Сегодня про Горького как-то позабыли: поднимать темы бедности и бесправия, о которых писал "буревестник", нынче не в порядке вещей, да и сама фигура писателя, как бы сегодня сказали, "разделявшего экстремистские взгляды", не совсем удобна для нынешнего официоза. А у нас тут еще и 80-летие Саратовской области, на фоне которого другое событие такой же давности лучше не вспоминать, как не следует вдаваться и в подробности основания самой области путем территориального раздела ранее существующего Саратовского края, дабы не десакрализировать помпезность главной патриотической даты.
Вопреки всему в Саратове память о Максиме Горьком сохраняется: в городе существует одна из центральных улиц, носящая его имя, а также городской парк.
Удвоенная память
С саратовскими "горьковскими" топонимами связано несколько интересных деталей. Всем известная улица Максима Горького до 1924 года называлась Александровской — в честь императора Александра I. На волне послереволюционных переименований и борьбы с наследием царского режима, ее переименовали в Кооперативную, а сразу после смерти писателя в 1936 году — в улицу имени Горького. Но есть тут одна загадка. Дело в том, что сегодня в старом городе улица Максима Горького после пересечения с 1-й Садовой "перерастает" в свою "предшественницу" — Кооперативную. При этом чуть выше пересечения с 1-й Садовой в хитросплетениях частного нагорного сектора улица Максима Горького внезапно продолжается, узким коридорчиком между покосившимися изгородями ответвляясь от Кооперативной и далее идя параллельно ей вплоть до улицы Большой Садовой. Судя по старым картам Саратова, на месте, где проходят две эти улицы, жилые кварталы существовали еще с конца XIX века, так что интересующая нас улица проходила здесь, имея поочередно три названия Александровская-Кооперативная-Горького. Вопрос лишь в том, каким образом произошло "запараллеливание" старого и нового топонима. Кстати, забавное название рядом с сохранившейся Кооперативной улицей носит кривой проулок с текущим посреди него ручьем — улица Кооперативный овраг, идущая по дну одноименной лощины-притока Глебучева оврага.

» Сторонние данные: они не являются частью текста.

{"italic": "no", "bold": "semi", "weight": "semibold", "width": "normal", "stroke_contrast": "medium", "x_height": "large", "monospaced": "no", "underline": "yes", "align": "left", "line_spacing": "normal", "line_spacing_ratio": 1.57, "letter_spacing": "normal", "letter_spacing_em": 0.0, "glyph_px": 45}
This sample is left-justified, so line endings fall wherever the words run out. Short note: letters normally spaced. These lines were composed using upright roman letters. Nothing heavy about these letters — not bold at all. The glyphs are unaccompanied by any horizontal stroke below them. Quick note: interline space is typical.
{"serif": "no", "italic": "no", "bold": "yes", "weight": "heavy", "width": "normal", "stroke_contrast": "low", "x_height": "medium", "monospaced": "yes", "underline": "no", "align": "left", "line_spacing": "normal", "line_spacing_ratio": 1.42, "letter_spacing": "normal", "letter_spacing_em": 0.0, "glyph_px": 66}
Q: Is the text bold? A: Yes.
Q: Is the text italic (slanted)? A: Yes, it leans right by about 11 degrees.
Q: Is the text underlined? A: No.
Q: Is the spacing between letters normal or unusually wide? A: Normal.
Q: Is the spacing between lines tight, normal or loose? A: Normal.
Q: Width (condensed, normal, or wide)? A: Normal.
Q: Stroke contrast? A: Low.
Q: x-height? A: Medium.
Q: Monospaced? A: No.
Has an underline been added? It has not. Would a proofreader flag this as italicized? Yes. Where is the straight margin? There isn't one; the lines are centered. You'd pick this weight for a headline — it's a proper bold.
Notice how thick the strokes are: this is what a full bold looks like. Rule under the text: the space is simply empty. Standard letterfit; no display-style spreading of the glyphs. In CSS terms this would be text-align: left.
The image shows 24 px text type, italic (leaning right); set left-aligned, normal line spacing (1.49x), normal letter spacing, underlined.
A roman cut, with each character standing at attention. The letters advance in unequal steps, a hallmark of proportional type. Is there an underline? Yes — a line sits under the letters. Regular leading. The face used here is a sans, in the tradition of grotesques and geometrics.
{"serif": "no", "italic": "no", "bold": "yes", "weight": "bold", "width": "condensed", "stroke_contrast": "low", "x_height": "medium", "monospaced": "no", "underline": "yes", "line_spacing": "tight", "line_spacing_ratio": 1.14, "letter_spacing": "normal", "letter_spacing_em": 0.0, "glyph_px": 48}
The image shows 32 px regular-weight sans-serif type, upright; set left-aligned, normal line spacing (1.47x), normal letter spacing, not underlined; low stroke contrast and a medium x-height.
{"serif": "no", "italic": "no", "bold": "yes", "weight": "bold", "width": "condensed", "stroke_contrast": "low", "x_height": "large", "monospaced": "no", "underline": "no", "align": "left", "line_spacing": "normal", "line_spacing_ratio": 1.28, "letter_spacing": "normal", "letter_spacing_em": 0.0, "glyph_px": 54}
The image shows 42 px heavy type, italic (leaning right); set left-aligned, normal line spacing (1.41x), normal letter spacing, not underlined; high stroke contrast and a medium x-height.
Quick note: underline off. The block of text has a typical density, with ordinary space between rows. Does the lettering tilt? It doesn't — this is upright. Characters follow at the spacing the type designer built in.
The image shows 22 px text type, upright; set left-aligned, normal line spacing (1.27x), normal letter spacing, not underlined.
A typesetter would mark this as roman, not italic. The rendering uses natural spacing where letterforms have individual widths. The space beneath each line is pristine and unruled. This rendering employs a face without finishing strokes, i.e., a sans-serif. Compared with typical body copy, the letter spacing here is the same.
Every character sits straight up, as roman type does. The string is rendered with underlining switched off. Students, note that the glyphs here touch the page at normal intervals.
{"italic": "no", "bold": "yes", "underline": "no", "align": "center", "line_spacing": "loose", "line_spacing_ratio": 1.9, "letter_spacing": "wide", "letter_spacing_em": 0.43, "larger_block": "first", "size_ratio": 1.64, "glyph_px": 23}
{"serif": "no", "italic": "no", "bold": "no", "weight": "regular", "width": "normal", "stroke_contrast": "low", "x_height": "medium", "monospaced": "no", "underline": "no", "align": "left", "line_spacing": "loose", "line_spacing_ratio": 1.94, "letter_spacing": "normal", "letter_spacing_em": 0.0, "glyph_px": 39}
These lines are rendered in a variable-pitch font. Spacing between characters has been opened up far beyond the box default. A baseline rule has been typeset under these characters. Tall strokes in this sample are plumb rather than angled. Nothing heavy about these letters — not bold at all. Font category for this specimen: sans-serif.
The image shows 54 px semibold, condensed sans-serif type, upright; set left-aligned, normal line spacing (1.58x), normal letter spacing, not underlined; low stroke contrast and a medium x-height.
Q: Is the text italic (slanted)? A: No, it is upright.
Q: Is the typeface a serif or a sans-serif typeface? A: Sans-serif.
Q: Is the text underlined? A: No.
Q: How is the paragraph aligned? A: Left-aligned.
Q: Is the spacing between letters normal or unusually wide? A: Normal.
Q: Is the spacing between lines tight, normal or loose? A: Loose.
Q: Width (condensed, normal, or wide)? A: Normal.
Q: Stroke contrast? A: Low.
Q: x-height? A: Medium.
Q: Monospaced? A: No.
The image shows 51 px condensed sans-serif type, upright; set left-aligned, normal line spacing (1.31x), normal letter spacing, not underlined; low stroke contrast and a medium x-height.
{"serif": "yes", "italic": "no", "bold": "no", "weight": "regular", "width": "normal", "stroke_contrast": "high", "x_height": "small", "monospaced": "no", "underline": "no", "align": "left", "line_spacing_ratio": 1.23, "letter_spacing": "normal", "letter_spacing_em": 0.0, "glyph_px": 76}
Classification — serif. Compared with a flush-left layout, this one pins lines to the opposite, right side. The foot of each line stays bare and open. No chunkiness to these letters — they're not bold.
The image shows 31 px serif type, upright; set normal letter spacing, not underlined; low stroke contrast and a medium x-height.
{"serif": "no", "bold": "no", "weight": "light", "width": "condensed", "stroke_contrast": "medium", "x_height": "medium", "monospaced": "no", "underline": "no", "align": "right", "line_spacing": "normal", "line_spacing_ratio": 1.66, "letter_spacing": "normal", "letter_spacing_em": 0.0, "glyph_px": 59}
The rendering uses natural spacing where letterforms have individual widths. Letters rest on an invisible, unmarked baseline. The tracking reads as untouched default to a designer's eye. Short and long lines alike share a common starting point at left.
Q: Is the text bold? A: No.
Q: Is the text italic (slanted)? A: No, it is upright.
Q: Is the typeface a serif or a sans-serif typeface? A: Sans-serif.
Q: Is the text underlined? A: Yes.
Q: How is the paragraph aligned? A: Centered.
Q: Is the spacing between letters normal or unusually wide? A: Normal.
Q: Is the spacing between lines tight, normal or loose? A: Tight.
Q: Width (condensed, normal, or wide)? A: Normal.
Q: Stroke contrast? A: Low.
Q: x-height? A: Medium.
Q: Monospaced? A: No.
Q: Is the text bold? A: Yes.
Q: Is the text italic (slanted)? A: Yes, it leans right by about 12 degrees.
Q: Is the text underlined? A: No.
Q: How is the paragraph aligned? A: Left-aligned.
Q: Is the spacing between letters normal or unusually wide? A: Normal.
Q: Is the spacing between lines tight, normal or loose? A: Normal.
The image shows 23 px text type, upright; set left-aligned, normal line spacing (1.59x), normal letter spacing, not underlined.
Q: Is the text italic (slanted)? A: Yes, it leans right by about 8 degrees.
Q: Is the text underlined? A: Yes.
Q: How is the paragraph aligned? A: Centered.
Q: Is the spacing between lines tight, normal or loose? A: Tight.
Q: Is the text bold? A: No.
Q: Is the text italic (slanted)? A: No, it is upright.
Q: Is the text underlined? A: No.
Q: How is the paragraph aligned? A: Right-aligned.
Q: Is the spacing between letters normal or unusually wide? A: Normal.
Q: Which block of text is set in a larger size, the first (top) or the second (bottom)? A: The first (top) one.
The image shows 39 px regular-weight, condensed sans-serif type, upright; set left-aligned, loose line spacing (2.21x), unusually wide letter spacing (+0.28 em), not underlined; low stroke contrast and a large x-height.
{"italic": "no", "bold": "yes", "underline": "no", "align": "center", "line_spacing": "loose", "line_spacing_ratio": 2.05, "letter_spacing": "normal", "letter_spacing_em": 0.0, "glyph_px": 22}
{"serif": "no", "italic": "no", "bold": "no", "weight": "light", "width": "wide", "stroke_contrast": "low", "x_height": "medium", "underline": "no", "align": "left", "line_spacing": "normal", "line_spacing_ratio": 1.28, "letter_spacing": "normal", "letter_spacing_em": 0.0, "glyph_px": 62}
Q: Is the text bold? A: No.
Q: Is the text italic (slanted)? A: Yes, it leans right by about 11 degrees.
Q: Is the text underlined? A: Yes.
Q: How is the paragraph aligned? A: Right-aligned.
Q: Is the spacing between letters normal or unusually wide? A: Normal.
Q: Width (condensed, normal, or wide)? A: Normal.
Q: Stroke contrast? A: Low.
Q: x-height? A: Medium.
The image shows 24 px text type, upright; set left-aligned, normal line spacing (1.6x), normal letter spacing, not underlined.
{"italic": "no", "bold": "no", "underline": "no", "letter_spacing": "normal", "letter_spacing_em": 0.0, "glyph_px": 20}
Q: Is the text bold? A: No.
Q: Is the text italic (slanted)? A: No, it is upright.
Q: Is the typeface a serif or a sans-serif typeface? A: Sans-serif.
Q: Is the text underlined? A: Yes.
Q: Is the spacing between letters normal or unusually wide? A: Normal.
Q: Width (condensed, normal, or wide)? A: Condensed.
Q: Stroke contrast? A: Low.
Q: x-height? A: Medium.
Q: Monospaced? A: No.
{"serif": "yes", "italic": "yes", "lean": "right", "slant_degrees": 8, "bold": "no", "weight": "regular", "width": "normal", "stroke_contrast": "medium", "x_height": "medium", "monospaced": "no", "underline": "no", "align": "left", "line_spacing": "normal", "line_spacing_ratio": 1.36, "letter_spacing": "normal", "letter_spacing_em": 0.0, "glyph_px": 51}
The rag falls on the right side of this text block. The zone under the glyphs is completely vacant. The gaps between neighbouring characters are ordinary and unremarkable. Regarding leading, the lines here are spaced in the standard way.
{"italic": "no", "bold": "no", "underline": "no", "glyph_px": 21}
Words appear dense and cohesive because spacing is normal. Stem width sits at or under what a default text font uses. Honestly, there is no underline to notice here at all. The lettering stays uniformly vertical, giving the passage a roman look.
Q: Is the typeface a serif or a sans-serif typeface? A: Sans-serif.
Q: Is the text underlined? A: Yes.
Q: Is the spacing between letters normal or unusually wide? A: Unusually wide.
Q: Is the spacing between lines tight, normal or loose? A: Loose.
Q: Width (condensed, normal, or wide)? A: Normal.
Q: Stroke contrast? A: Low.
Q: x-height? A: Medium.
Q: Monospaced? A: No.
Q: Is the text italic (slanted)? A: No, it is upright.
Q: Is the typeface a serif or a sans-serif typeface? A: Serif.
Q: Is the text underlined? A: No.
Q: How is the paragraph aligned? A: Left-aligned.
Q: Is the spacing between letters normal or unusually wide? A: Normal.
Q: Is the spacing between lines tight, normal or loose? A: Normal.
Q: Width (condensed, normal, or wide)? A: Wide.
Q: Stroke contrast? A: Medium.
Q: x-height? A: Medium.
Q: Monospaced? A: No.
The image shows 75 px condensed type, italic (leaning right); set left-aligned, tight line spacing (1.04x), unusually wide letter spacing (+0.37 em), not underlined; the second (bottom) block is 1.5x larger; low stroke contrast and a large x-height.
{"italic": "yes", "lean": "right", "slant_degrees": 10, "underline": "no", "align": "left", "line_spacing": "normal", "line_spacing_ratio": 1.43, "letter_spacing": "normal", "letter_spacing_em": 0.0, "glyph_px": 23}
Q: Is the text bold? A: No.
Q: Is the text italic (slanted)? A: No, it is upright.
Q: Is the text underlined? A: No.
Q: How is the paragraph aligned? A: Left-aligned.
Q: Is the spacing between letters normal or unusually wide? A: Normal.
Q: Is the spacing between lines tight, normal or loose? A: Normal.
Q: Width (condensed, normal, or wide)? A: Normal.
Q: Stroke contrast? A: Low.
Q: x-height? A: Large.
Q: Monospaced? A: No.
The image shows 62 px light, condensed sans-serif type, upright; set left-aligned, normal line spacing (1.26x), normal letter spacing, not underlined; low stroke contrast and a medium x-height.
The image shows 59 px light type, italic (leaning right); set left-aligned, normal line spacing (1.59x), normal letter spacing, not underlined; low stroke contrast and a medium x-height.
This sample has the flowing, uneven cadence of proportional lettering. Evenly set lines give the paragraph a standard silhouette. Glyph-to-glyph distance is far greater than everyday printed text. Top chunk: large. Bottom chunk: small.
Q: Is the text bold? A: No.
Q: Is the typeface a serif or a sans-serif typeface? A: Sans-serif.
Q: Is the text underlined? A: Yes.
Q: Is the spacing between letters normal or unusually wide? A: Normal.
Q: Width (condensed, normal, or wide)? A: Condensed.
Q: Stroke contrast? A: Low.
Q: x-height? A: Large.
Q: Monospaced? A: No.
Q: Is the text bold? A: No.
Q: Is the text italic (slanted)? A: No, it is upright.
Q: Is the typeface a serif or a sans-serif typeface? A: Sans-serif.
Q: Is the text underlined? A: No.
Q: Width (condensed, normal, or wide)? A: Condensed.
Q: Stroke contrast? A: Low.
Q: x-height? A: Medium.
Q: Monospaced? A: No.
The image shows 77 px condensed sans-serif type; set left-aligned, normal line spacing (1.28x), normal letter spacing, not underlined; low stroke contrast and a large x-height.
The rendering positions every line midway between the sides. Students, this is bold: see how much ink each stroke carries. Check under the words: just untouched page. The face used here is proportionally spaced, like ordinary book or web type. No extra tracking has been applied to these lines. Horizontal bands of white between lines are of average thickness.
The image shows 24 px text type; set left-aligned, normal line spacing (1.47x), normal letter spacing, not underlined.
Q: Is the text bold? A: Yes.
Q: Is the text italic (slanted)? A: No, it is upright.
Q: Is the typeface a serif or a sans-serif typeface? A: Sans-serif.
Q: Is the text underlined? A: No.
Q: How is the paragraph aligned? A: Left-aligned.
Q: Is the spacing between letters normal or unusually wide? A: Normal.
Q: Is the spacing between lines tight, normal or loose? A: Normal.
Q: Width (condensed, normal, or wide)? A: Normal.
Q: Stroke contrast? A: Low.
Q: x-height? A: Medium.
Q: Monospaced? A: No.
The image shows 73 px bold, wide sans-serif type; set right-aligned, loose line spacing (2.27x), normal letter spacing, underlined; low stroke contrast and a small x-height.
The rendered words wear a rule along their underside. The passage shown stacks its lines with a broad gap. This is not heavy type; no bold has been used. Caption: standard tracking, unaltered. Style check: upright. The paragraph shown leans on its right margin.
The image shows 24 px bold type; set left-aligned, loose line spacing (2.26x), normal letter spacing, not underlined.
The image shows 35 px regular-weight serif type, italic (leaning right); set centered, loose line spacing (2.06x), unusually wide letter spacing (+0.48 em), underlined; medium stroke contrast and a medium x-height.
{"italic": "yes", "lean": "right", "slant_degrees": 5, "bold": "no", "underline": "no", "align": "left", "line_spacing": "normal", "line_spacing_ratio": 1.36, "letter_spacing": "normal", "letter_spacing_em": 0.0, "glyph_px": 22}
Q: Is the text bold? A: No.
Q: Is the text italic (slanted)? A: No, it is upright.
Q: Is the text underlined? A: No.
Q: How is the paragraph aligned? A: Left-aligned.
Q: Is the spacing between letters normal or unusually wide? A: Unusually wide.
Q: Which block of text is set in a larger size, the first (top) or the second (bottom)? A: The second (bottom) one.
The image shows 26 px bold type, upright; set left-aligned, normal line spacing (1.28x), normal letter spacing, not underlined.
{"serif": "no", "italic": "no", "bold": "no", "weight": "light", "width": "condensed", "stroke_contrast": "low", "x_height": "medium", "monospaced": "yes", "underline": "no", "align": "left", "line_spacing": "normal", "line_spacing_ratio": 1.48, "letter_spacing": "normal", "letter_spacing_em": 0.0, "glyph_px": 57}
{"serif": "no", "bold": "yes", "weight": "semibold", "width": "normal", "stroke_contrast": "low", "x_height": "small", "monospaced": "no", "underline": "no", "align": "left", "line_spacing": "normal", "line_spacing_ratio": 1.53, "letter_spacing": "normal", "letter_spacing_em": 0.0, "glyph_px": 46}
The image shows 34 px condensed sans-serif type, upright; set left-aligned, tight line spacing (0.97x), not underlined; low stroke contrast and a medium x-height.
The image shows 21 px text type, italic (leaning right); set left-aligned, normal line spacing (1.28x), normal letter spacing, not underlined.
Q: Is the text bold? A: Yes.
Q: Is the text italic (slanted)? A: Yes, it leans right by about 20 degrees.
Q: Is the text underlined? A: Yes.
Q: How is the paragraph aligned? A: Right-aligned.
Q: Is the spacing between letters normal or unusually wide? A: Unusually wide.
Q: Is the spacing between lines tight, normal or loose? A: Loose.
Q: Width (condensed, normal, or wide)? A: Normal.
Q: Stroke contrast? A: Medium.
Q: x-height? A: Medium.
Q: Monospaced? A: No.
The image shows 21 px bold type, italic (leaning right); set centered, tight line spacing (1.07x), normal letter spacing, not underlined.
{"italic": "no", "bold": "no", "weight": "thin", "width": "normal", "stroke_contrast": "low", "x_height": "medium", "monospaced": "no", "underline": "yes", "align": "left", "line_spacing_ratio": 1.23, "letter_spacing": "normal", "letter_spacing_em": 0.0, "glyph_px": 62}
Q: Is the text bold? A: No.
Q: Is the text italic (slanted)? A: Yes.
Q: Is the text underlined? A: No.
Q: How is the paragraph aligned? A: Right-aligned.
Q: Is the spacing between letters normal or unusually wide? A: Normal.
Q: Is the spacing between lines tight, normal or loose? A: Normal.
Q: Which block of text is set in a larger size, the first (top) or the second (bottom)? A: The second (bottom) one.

Другая интересная деталь, связанная с именем Максима Горького в Саратове, имеет отношение к двум известным зеленым зонам. Многие хорошо помнят памятник писателю, установленный на входе в сад "Липки", с высеченной на постаменте цитатой: "Человек — это звучит гордо". В 1990-е годы памятник Горькому, как и изваяния различных деятелей культуры, давших одной из аллей сада народное название "аллея мертвых", из Липок убрали. Можно было подумать, что обилие скульптур в сквере — задумка прежних архитекторов и дизайнеров. Возможно, это и было так, но вот памятник Максиму Горькому был установлен там не просто так: начиная с 1930-х годов центральный городской сад Саратова носил имя писателя, но новое название не прижилось.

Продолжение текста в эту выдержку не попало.